[Supplied data]:
"""
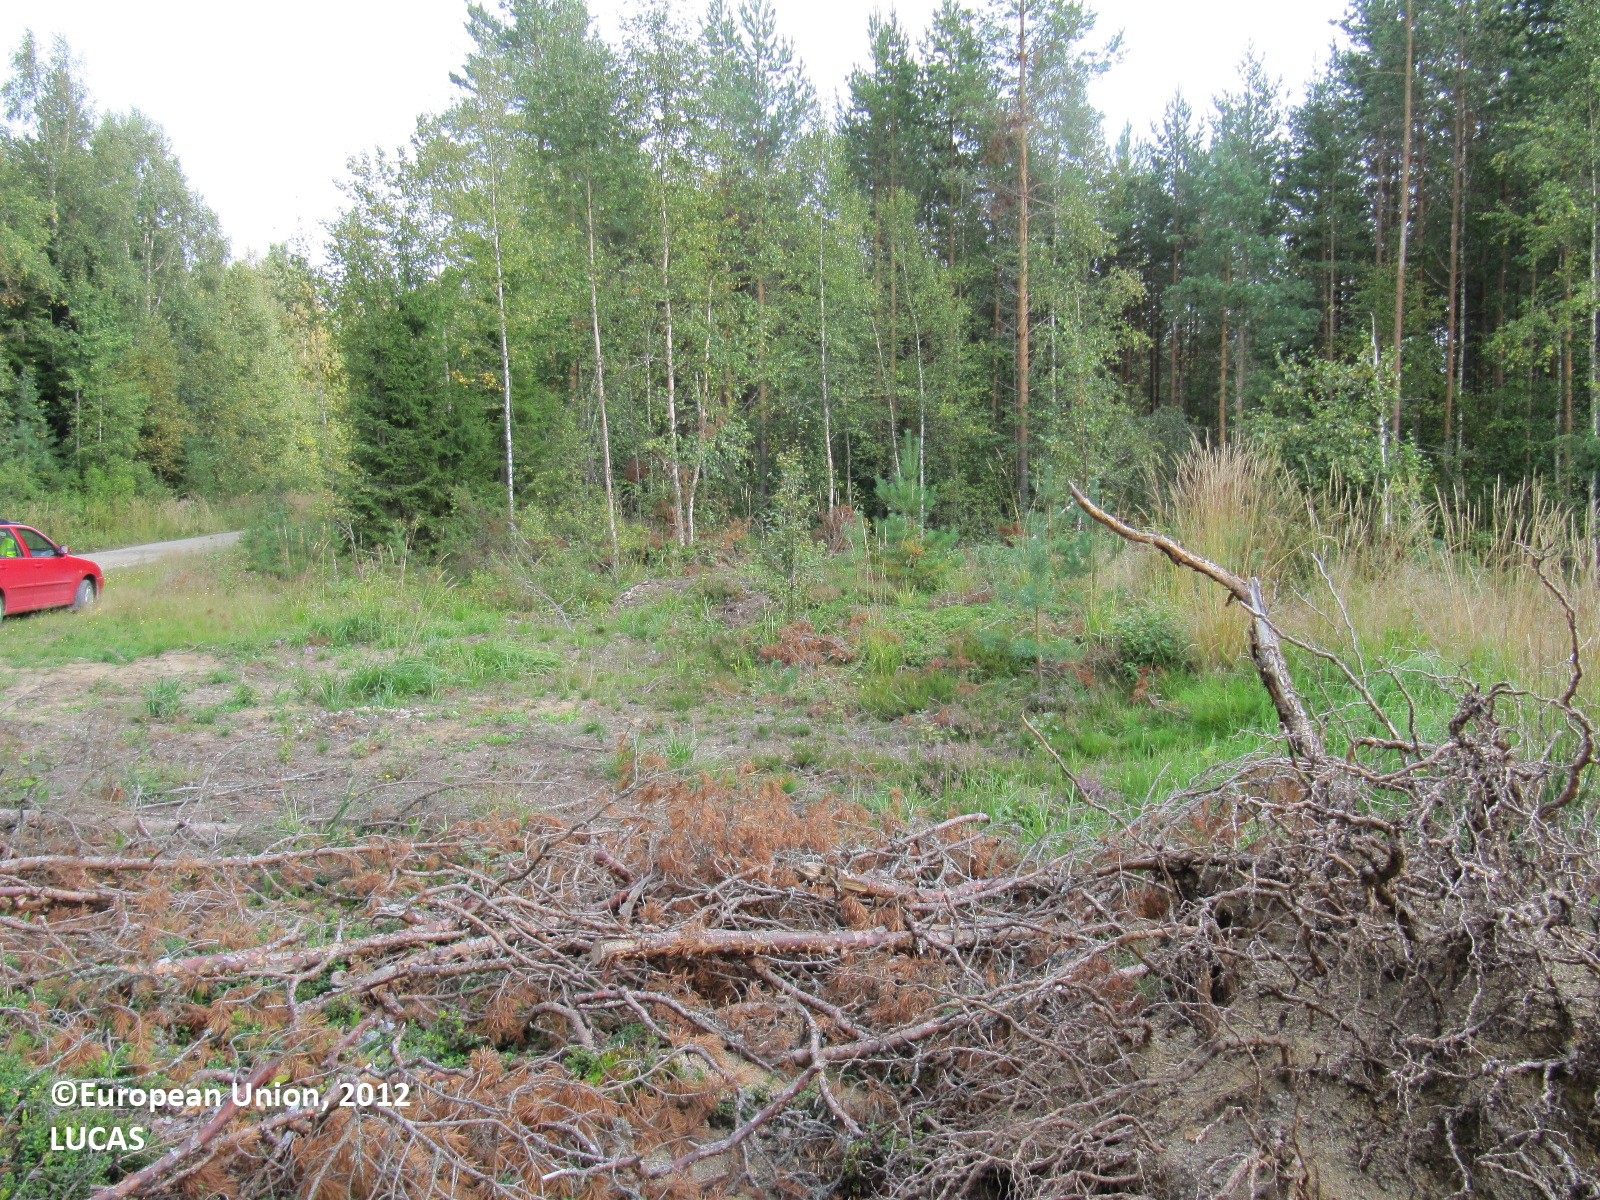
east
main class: Woodland
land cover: Spruce dominated mixed woodland
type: boreal forest
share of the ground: 50 - 75 %
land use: Forestry
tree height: > 5 m
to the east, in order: Spruce dominated mixed woodland; Pine dominated mixed woodland
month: August
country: FI
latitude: 61.1036
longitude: 22.8911
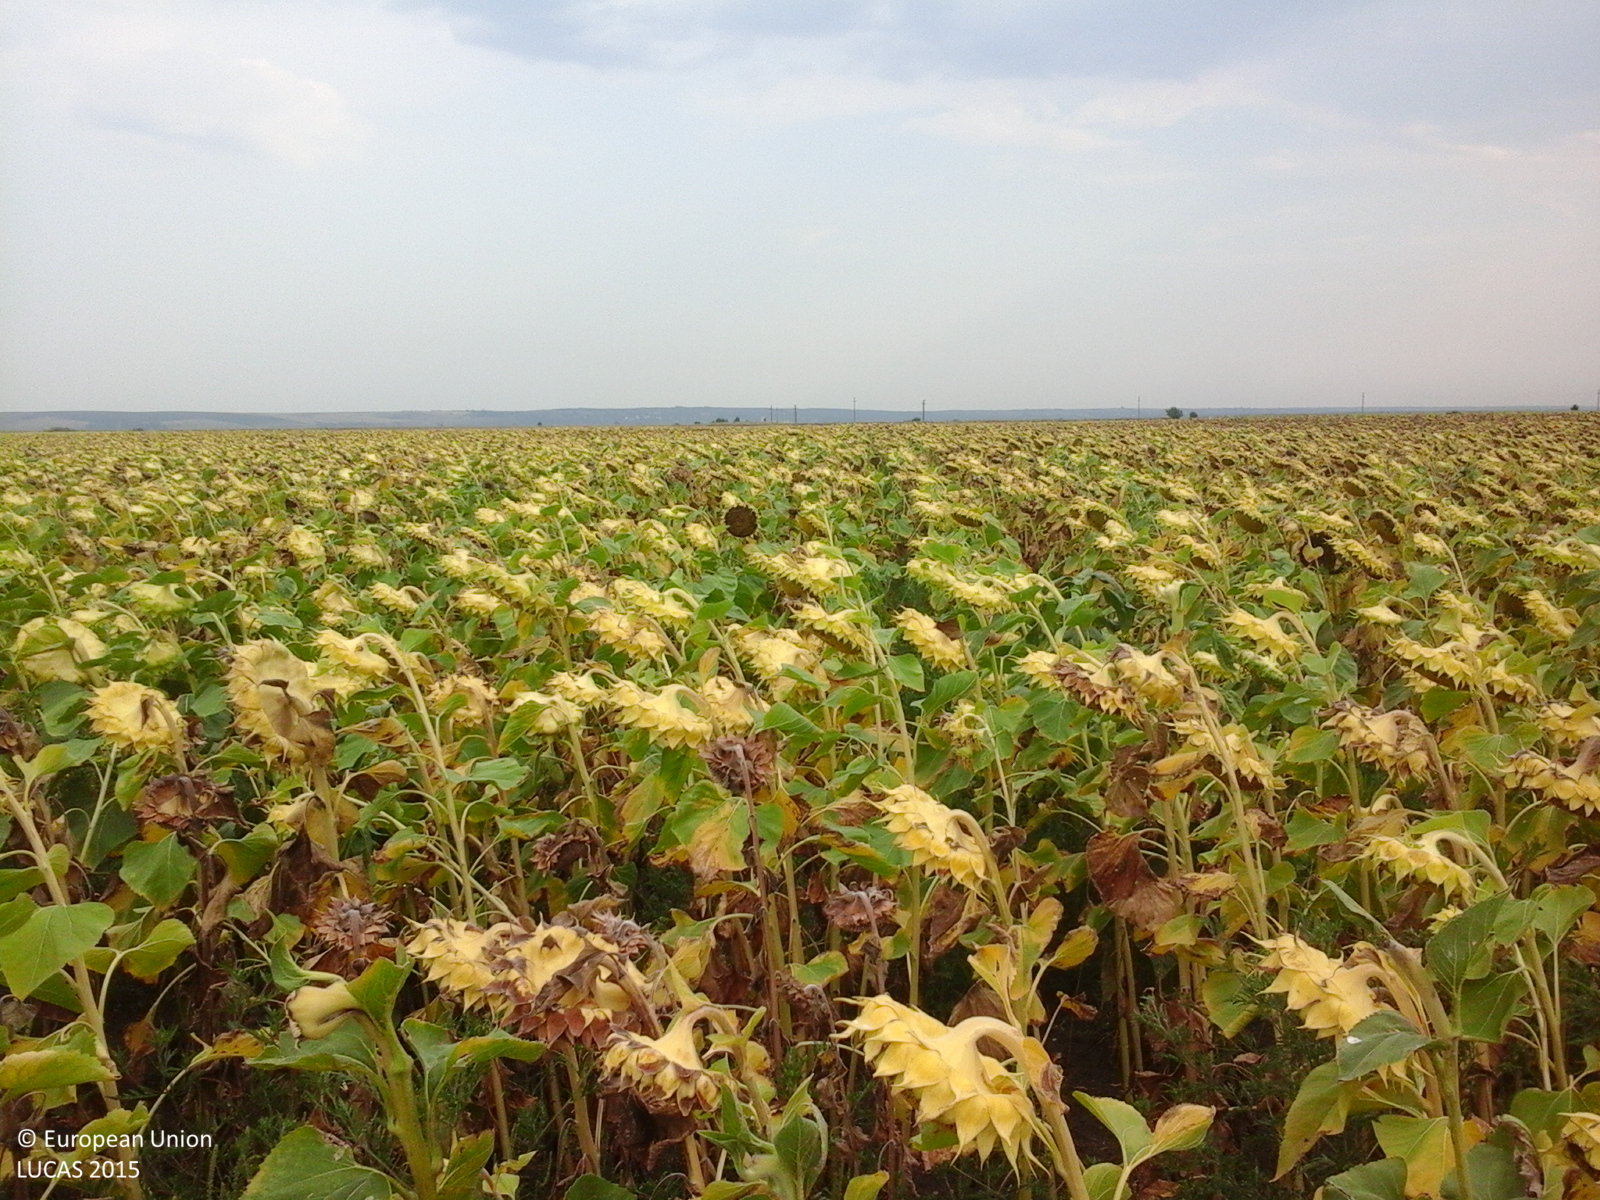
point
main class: Cropland
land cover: Sunflower
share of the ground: > 75 %
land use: Agriculture (excluding fallow land and kitchen gardens)
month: August
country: RO
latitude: 44.4099
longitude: 22.8132
"""
[What this task involves]:
Carry over each record above character for character, with the pictures left out.

[Answer space]:
east
main class: Woodland
land cover: Spruce dominated mixed woodland
type: boreal forest
share of the ground: 50 - 75 %
land use: Forestry
tree height: > 5 m
to the east, in order: Spruce dominated mixed woodland; Pine dominated mixed woodland
month: August
country: FI
latitude: 61.1036
longitude: 22.8911
point
main class: Cropland
land cover: Sunflower
share of the ground: > 75 %
land use: Agriculture (excluding fallow land and kitchen gardens)
month: August
country: RO
latitude: 44.4099
longitude: 22.8132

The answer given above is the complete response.